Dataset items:
Content starts

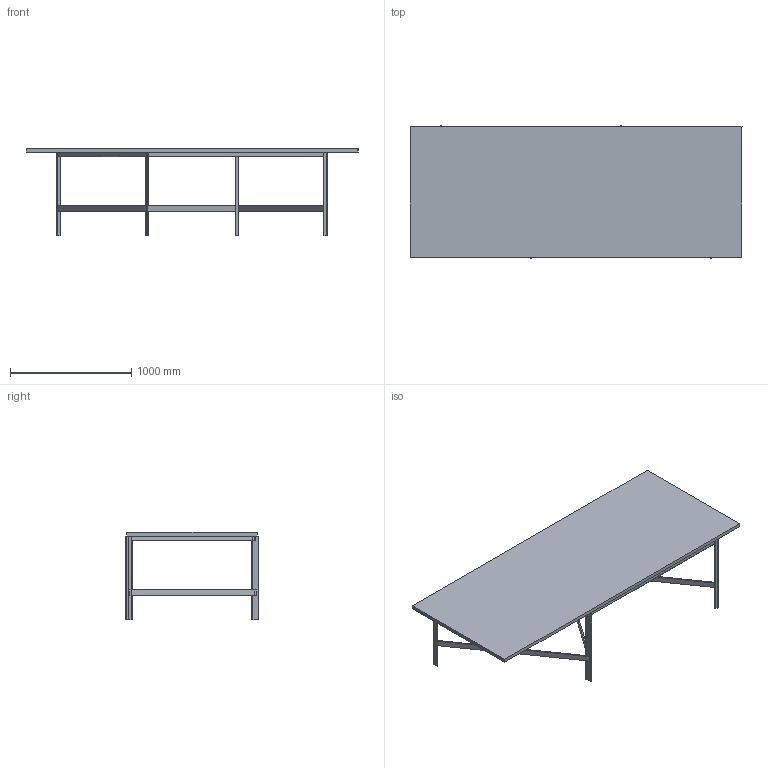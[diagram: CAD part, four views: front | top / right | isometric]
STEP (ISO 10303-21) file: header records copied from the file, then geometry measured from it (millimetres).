
FILE_DESCRIPTION(/* description */ (''),/* implementation_level */ '2;1');
FILE_NAME(/* name */ 'Plank_CB-335-274_3D',/* time_stamp */ '2024-04-20T17:08:28+02:00',/* author */ (''),/* organization */ (''),/* preprocessor_version */ 'ST-DEVELOPER v16.5',/* originating_system */ 'Rhino 7.34',/* authorisation */ '');
FILE_SCHEMA (('AUTOMOTIVE_DESIGN'));
Length unit declared in the file: centimetre
Products named in the file (2): Document; Plank_CB-335-274
Assembly tree (1 placements, depth 2):
  Document
    Plank_CB-335-274
Bounding box: 2740 x 1096 x 720 mm (x, y, z)
Surface area: 8267640.3 mm2 (no closed solid volume)
Topology: 0 solids, 143 shells, 143 faces, 690 edges, 690 vertices
Faces by surface type: plane 143
Entity records: 6346 total; most frequent: CARTESIAN_POINT 2253, ORIENTED_EDGE 690, EDGE_CURVE 690, B_SPLINE_CURVE_WITH_KNOTS 690, VERTEX_POINT 690, DIRECTION 151, AXIS2_PLACEMENT_3D 147, PRESENTATION_LAYER_ASSIGNMENT 143

Content ends

What to produce: Only the pictures may be dropped; print every record exactly as given.

Answer box:
[diagram: CAD part, four views: front | top / right | isometric]
STEP (ISO 10303-21) file: header records copied from the file, then geometry measured from it (millimetres).
FILE_DESCRIPTION(/* description */ (''),/* implementation_level */ '2;1');
FILE_NAME(/* name */ 'Plank_CB-335-274_3D',/* time_stamp */ '2024-04-20T17:08:28+02:00',/* author */ (''),/* organization */ (''),/* preprocessor_version */ 'ST-DEVELOPER v16.5',/* originating_system */ 'Rhino 7.34',/* authorisation */ '');
FILE_SCHEMA (('AUTOMOTIVE_DESIGN'));
Length unit declared in the file: centimetre
Products named in the file (2): Document; Plank_CB-335-274
Assembly tree (1 placements, depth 2):
  Document
    Plank_CB-335-274
Bounding box: 2740 x 1096 x 720 mm (x, y, z)
Surface area: 8267640.3 mm2 (no closed solid volume)
Topology: 0 solids, 143 shells, 143 faces, 690 edges, 690 vertices
Faces by surface type: plane 143
Entity records: 6346 total; most frequent: CARTESIAN_POINT 2253, ORIENTED_EDGE 690, EDGE_CURVE 690, B_SPLINE_CURVE_WITH_KNOTS 690, VERTEX_POINT 690, DIRECTION 151, AXIS2_PLACEMENT_3D 147, PRESENTATION_LAYER_ASSIGNMENT 143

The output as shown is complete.